Exercise input:
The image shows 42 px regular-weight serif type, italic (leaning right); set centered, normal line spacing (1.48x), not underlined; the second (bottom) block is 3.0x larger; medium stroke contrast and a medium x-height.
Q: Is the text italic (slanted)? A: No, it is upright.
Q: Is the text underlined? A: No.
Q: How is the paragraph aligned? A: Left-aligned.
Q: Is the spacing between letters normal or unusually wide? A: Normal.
* * *
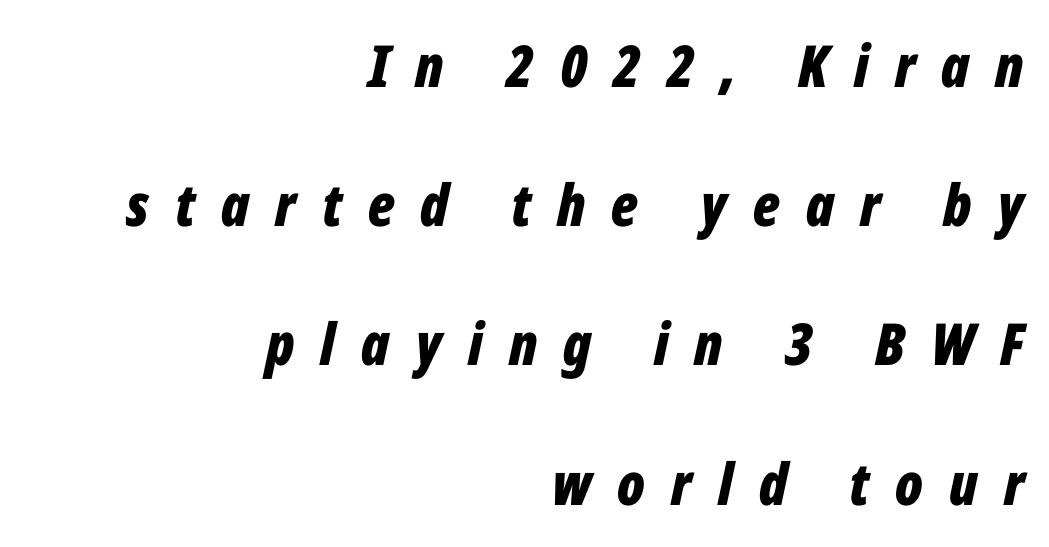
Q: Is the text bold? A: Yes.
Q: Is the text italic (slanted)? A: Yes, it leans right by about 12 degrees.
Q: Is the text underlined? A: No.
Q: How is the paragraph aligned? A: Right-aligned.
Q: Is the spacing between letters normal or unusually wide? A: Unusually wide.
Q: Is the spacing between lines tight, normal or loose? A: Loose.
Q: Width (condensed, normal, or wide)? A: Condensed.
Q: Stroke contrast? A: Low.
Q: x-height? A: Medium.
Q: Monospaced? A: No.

Work instructions: Check every line above for the word "text" and copy those that have it.

Task output:
Q: Is the text italic (slanted)? A: No, it is upright.
Q: Is the text underlined? A: No.
Q: Is the text bold? A: Yes.
Q: Is the text italic (slanted)? A: Yes, it leans right by about 12 degrees.
Q: Is the text underlined? A: No.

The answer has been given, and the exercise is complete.